═══ Extracted records ═══
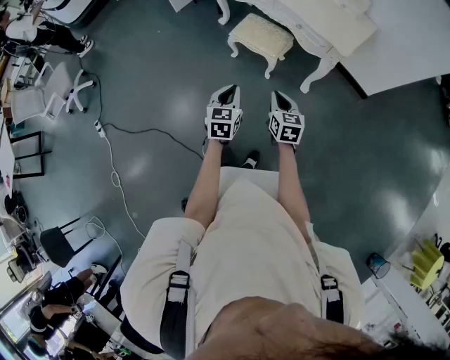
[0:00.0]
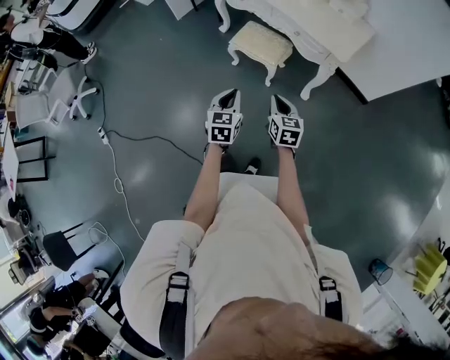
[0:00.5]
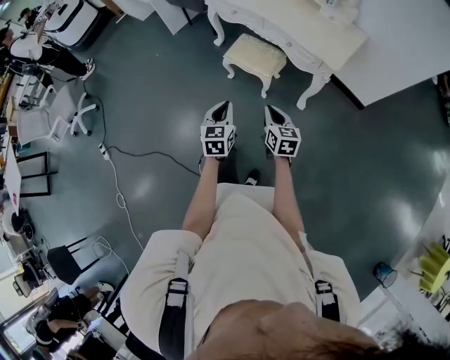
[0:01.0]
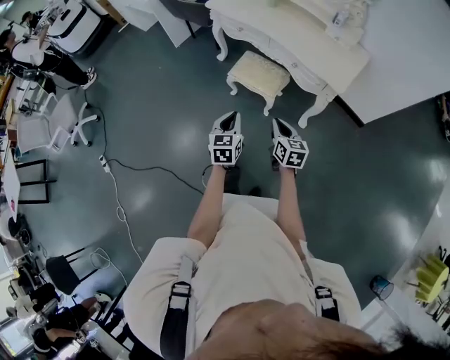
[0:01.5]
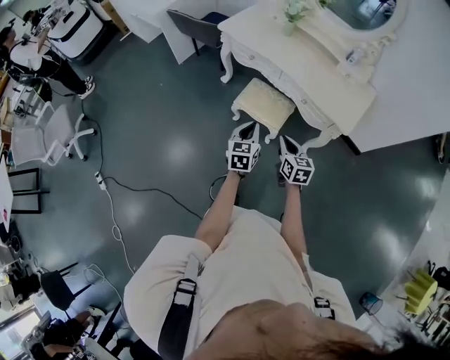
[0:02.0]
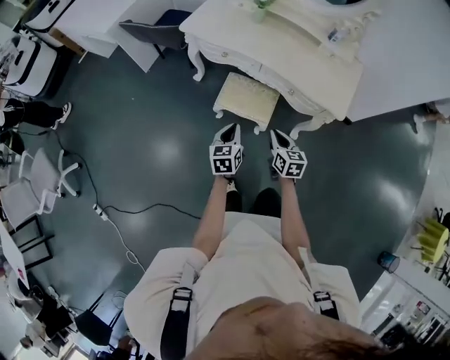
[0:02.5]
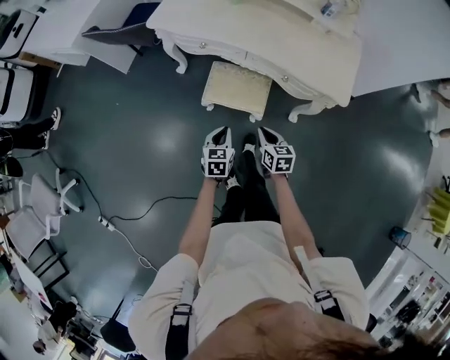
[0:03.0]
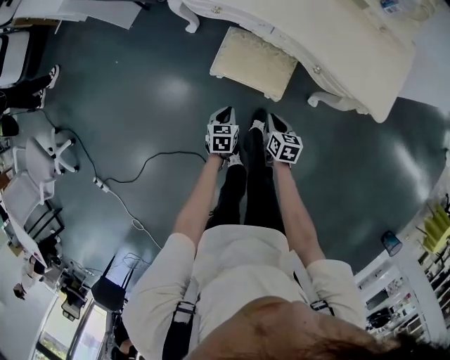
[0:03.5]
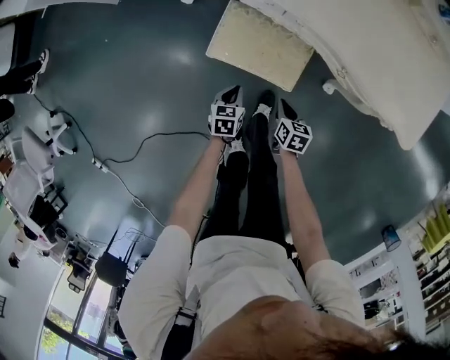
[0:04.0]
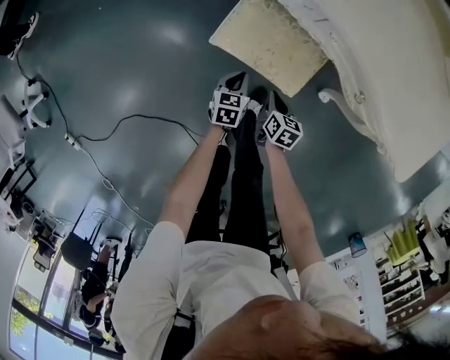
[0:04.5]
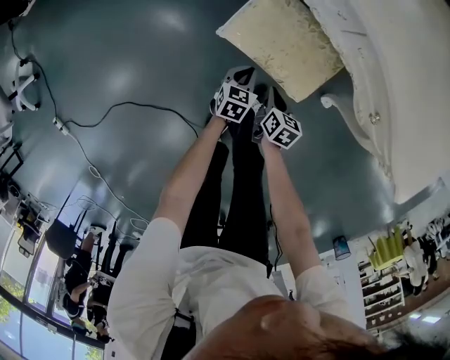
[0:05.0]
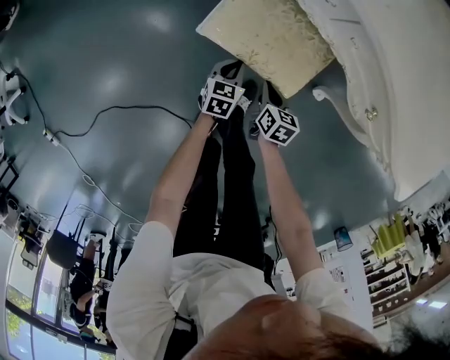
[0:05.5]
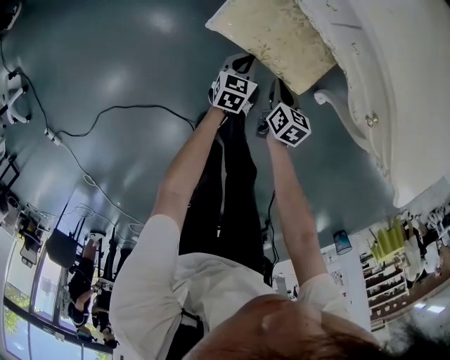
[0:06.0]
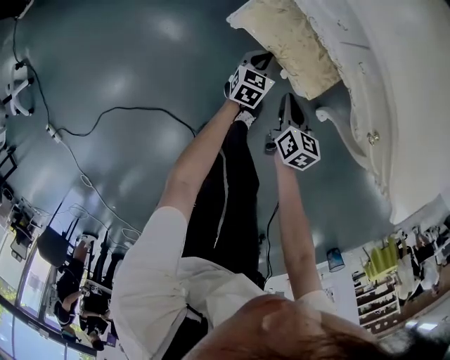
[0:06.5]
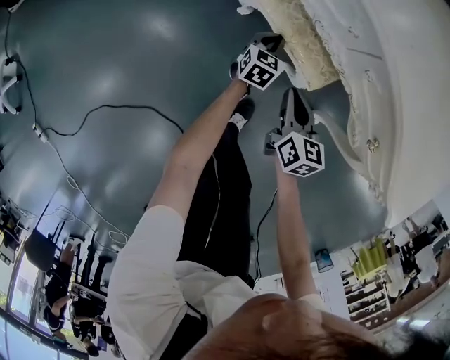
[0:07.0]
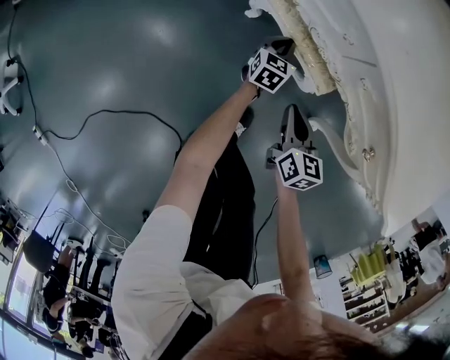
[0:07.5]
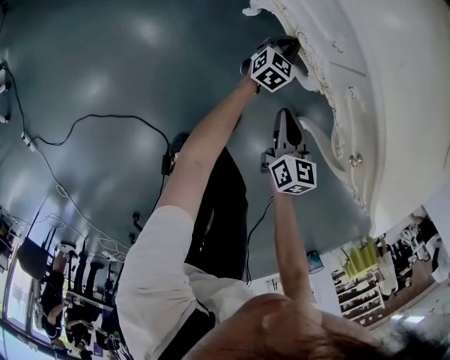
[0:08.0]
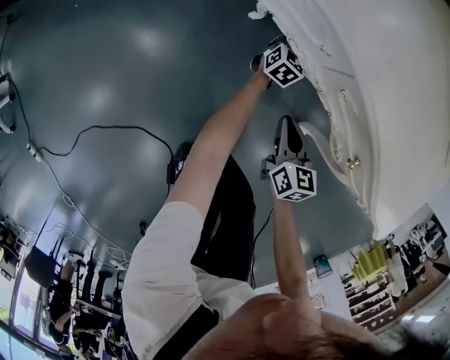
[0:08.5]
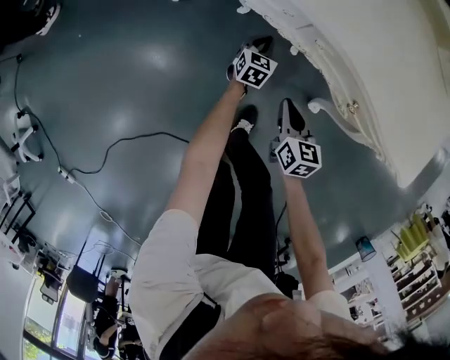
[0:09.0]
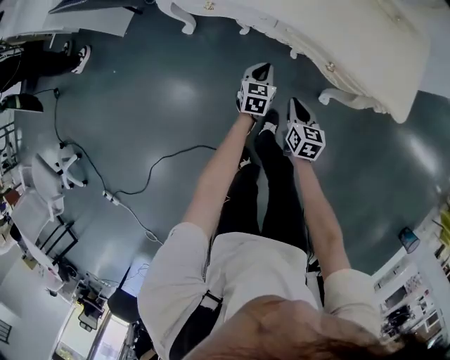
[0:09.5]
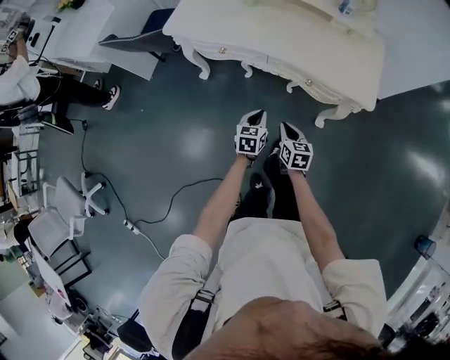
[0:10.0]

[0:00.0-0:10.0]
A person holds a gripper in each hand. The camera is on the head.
0:00.0 to 0:02.0: Both grippers travel together forward, roughly 20 cm.
0:02.0 to 0:04.0: The two grippers go approximately 50 cm downward and forward. The right gripper turns by roughly 30 degrees; the left gripper tilts its fingers some 30 degrees downward.
0:04.0 to 0:06.0: Both grippers travel together downward and forward, about 15 cm.
0:06.0 to 0:08.0: The right gripper heads upward, covering roughly 10 cm, and swivels some 20 degrees; the left gripper is displaced forward and to the right by about 20 cm.
0:08.0 to 0:10.0: The left gripper moves upward and backward, about 50 cm, while the right gripper moves upward and backward, some 30 cm.
═══
Every entry, exactly as written: transcribe it, passing over any pictures.

[0:00.0]
[0:00.5]
[0:01.0]
[0:01.5]
[0:02.0]
[0:02.5]
[0:03.0]
[0:03.5]
[0:04.0]
[0:04.5]
[0:05.0]
[0:05.5]
[0:06.0]
[0:06.5]
[0:07.0]
[0:07.5]
[0:08.0]
[0:08.5]
[0:09.0]
[0:09.5]
[0:10.0]

[0:00.0-0:10.0]
A person holds a gripper in each hand. The camera is on the head.
0:00.0 to 0:02.0: Both grippers travel together forward, roughly 20 cm.
0:02.0 to 0:04.0: The two grippers go approximately 50 cm downward and forward. The right gripper turns by roughly 30 degrees; the left gripper tilts its fingers some 30 degrees downward.
0:04.0 to 0:06.0: Both grippers travel together downward and forward, about 15 cm.
0:06.0 to 0:08.0: The right gripper heads upward, covering roughly 10 cm, and swivels some 20 degrees; the left gripper is displaced forward and to the right by about 20 cm.
0:08.0 to 0:10.0: The left gripper moves upward and backward, about 50 cm, while the right gripper moves upward and backward, some 30 cm.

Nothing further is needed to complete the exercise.